[Records contained in a dataset]
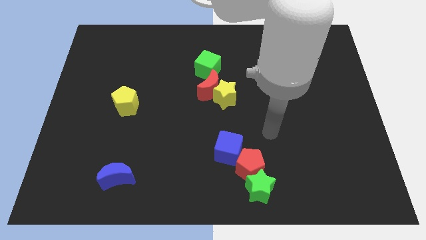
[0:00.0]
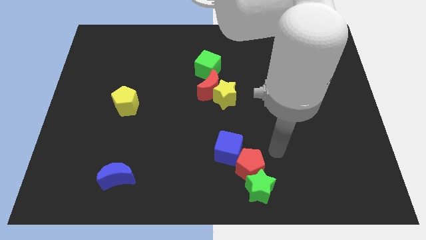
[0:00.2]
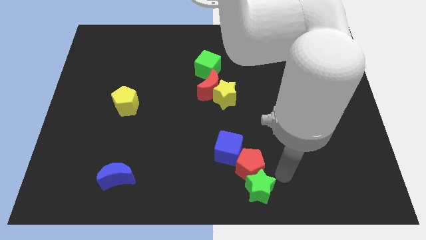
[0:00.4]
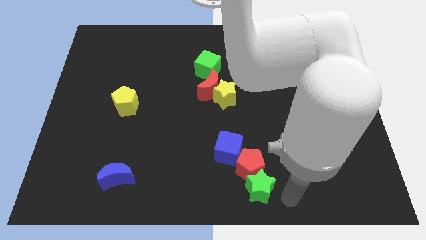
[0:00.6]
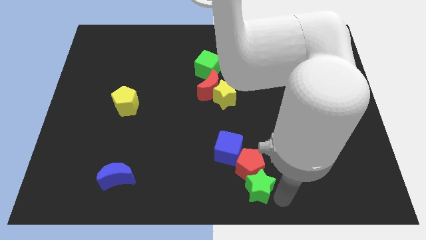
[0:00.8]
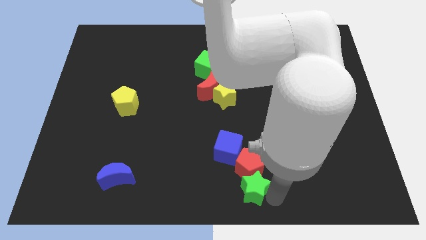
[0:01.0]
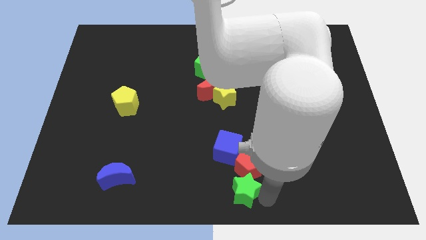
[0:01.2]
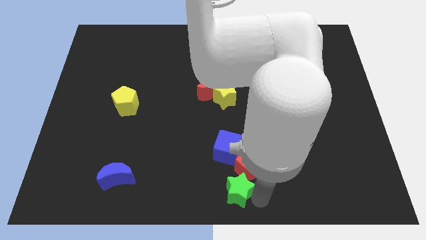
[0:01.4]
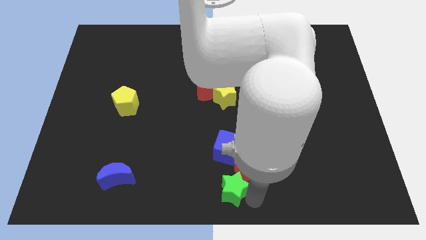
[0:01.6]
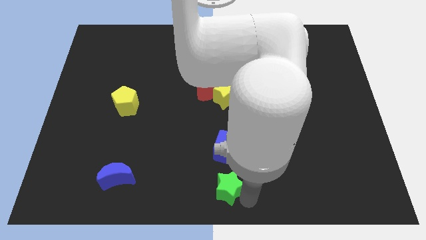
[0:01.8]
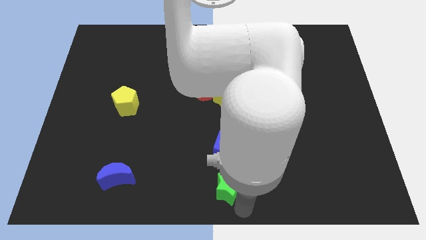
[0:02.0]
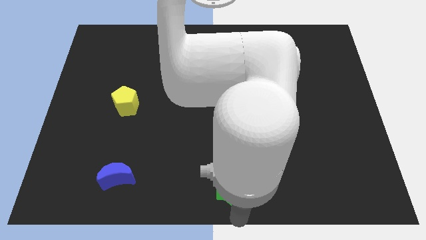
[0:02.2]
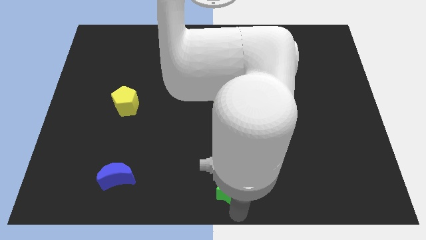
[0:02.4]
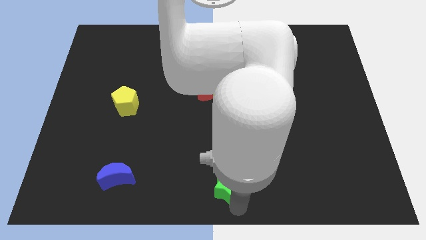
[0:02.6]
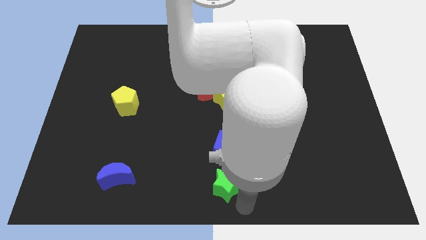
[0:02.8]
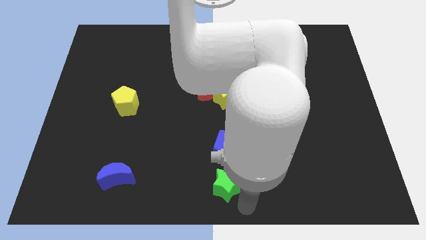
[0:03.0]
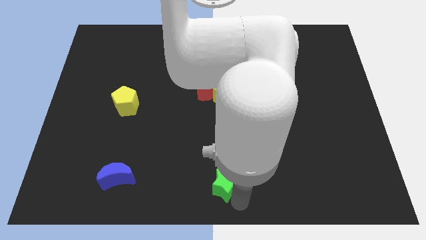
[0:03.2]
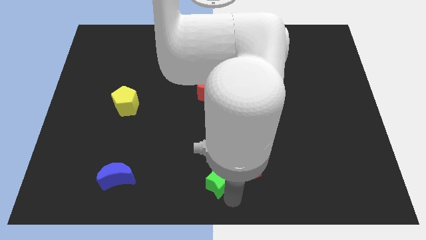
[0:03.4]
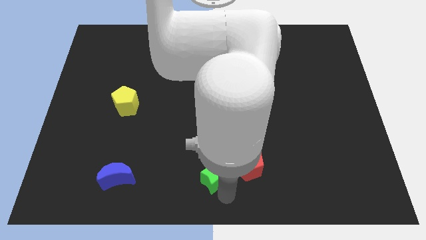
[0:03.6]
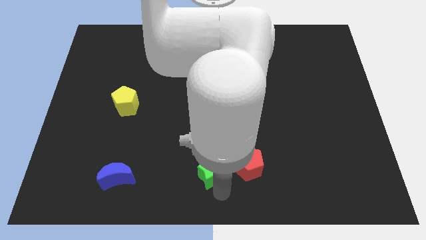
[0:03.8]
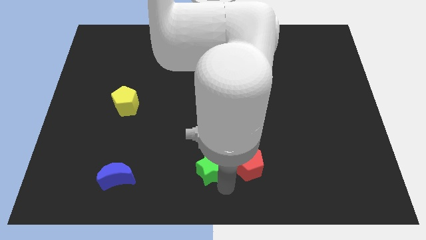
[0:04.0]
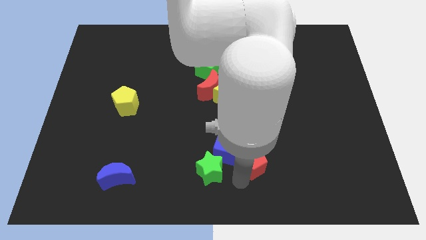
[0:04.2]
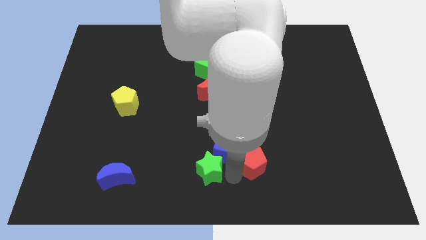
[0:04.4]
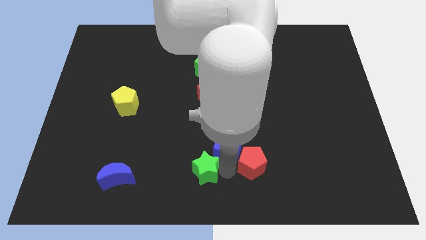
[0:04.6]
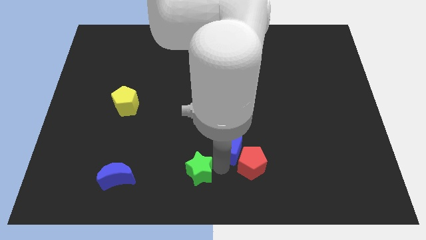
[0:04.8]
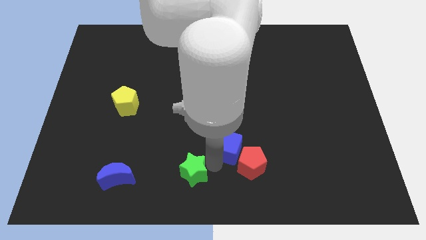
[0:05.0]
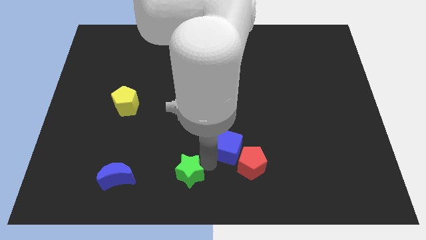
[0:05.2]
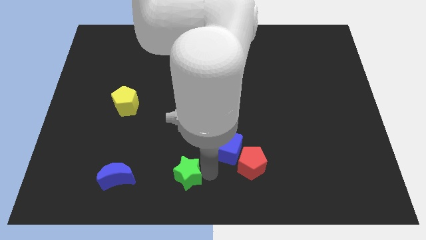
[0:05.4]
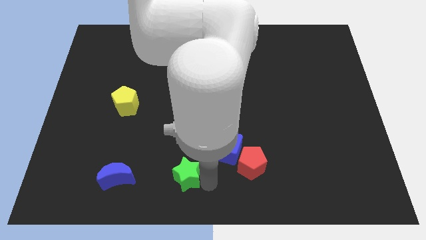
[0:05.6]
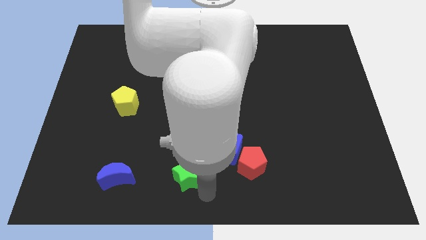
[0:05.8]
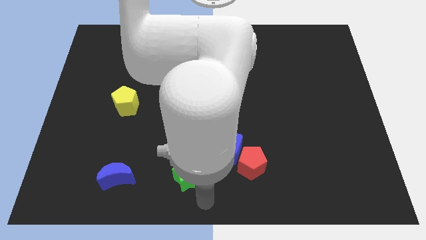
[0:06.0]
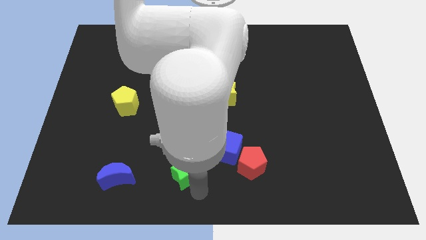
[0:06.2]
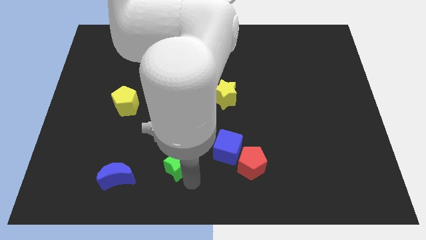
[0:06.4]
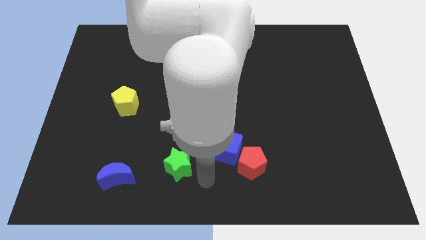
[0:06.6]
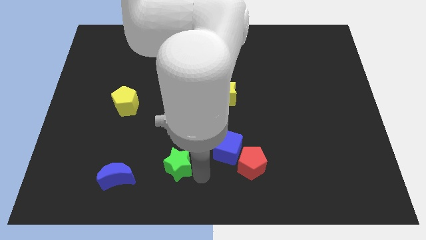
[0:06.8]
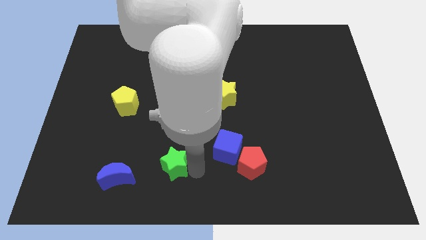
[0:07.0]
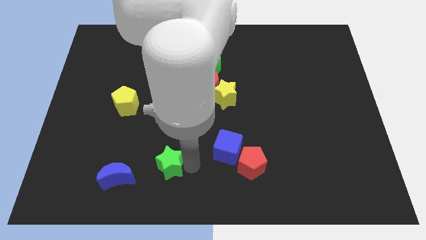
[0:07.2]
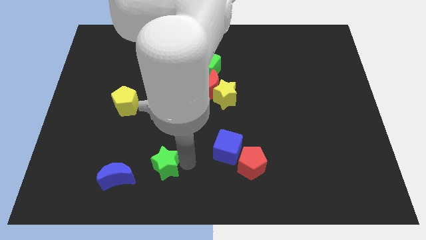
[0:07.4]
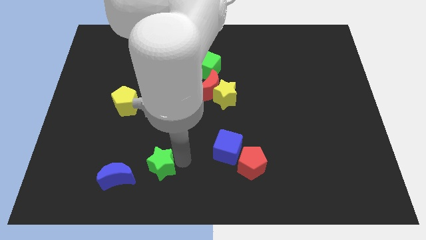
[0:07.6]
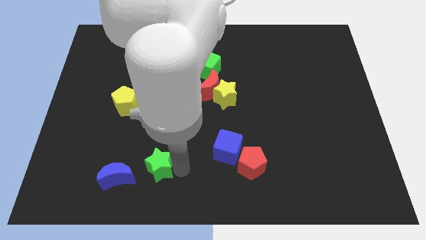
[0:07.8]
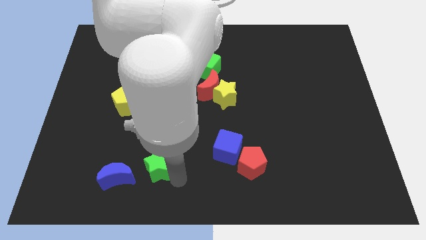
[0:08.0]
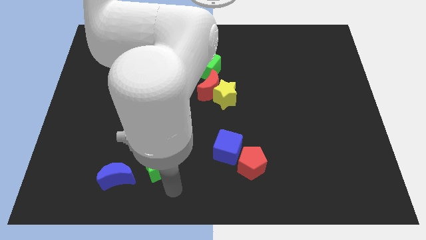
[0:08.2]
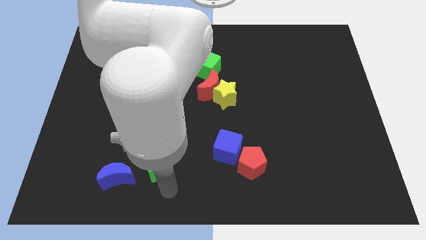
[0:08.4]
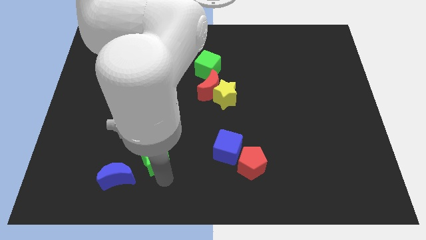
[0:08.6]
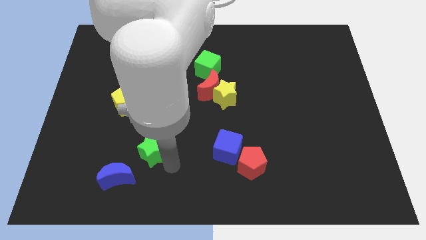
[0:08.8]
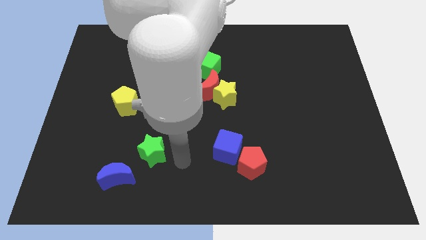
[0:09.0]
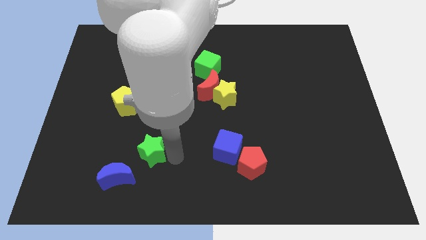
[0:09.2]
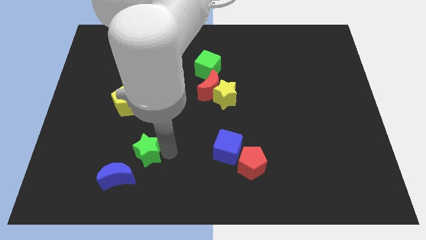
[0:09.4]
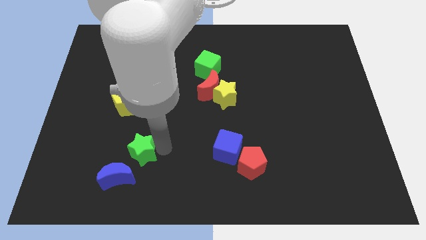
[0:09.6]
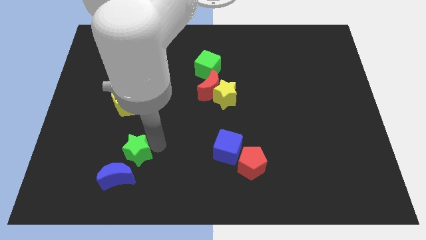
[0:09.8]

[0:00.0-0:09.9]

EXERCISE AIM: Leave every image out and retype the entries above word for word.

EXERCISE RESULT:
[0:00.0]
[0:00.2]
[0:00.4]
[0:00.6]
[0:00.8]
[0:01.0]
[0:01.2]
[0:01.4]
[0:01.6]
[0:01.8]
[0:02.0]
[0:02.2]
[0:02.4]
[0:02.6]
[0:02.8]
[0:03.0]
[0:03.2]
[0:03.4]
[0:03.6]
[0:03.8]
[0:04.0]
[0:04.2]
[0:04.4]
[0:04.6]
[0:04.8]
[0:05.0]
[0:05.2]
[0:05.4]
[0:05.6]
[0:05.8]
[0:06.0]
[0:06.2]
[0:06.4]
[0:06.6]
[0:06.8]
[0:07.0]
[0:07.2]
[0:07.4]
[0:07.6]
[0:07.8]
[0:08.0]
[0:08.2]
[0:08.4]
[0:08.6]
[0:08.8]
[0:09.0]
[0:09.2]
[0:09.4]
[0:09.6]
[0:09.8]

[0:00.0-0:09.9]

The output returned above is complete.